Trade Uncertainty Remains a Major Risk
Another key concern for policymakers is uncertainty surrounding Canada’s trade relationship with the United States.
The United States-Mexico-Canada Agreement (USMCA), which protects most Canadian exports from tariffs, is scheduled for review in July.
Given Canada’s heavy dependence on U.S. trade, any disruption or uncertainty surrounding the agreement could weigh on business investment and economic growth.
Recent discussions between Canadian and U.S. officials have been described as constructive, but economists remain cautious until greater clarity emerges.
Potential Rate Hikes Shift to 2027
While most economists see no changes this year, expectations begin to diverge further into the future.
More than 40% of survey participants anticipate that the Bank of Canada may begin raising rates in early 2027 if inflation pressures become more persistent.
Some analysts warn that prolonged energy market disruptions could eventually challenge the central bank’s credibility on inflation.
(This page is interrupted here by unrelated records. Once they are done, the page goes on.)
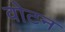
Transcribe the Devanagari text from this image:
वोटन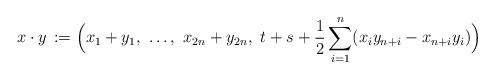
LaTeX: \begin{align*} x\cdot y\, := \Big(x_1+y_1,\ \dots,\ x_{2n}+y_{2n},\ t+s+\frac{1}{2}\sum_{i=1}^n (x_iy_{n+i}-x_{n+i}y_i)\Big)\end{align*}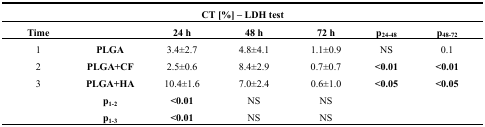
| <COLSPAN=7> CT [%] – LDH test |
 | Time |  | 24 h | 48 h | 72 h | p24–48 | p48–72 |
 | --- | --- | --- | --- | --- | --- | --- |
 | 1 | PLGA | 3.4±2.7 | 4.8±4.1 | 1.1±0.9 | NS | 0.1 |
 | 2 | PLGA+CF | 2.5±0.6 | 8.4±2.9 | 0.7±0.7 | <0.01 | <0.01 |
 | 3 | PLGA+HA | 10.4±1.6 | 7.0±2.4 | 0.6±1.0 | <0.05 | <0.05 |
 |  | p1–2 | <0.01 | NS | NS |  |  |
 |  | p1–3 | <0.01 | NS | NS |  |  |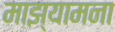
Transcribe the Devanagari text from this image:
माझ्यामना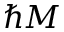
\hbar M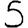
Digit: 5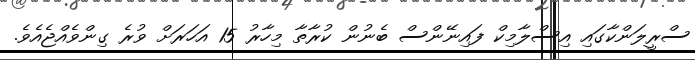
ސްރީލަންކާގައި އިސްލާމިކް ފައިނޭންސް ބެނުން ކުރާތާ މިހާރު 15 އަހަރަށް ވުރެ ގިންވެއްޖެއެވެ.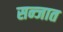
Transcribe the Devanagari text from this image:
सन्जात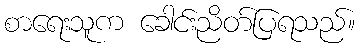
စာရေးသူက ခေါင်းညိတ်ပြရသည်။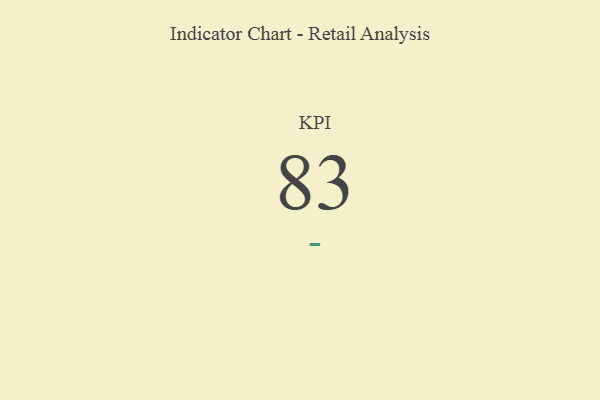
{"axis": {"x": "KPI", "y": "Value"}, "legend": [""], "data": [{"x": "KPI", "y": 83, "type": ""}]}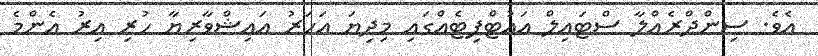
އެވެ. ސިންދްރެއްލާ ސްޓައިލް އައުޓްފިޓެއްގައި މިދިޔަ އަހަރު އައިޝްވާރިޔާ ހުރި އިރު އެންމެ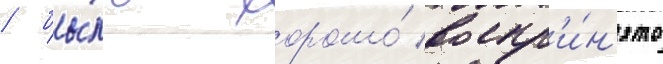
/ бы́ло хорошо́ воспр'и́н'ято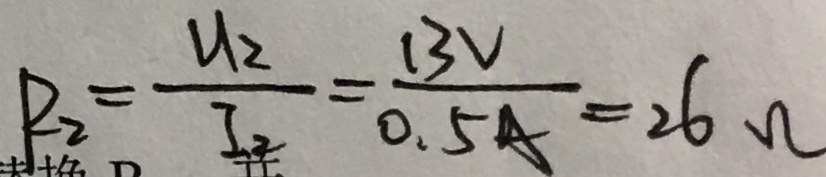
R _ { 2 } = \frac { u _ { 2 } } { I _ { 2 } } = \frac { 1 3 V } { 0 . 5 A } = 2 6 \Omega

Scotiabank economist René Lalonde noted that if geopolitical tensions persist and inflation expectations become unanchored, policymakers may ultimately need to adopt a more restrictive stance.
Outlook
The Bank of Canada appears poised to look through current energy-driven inflation pressures and maintain its benchmark rate at 2.25% through the remainder of 2026.
With inflation still inside the target range, economic growth remaining fragile, and trade-related uncertainty lingering, policymakers are expected to prioritize economic stability over preemptive tightening.
However, if elevated energy prices persist and inflation becomes more entrenched, discussions about future rate hikes could gain momentum heading into 2027.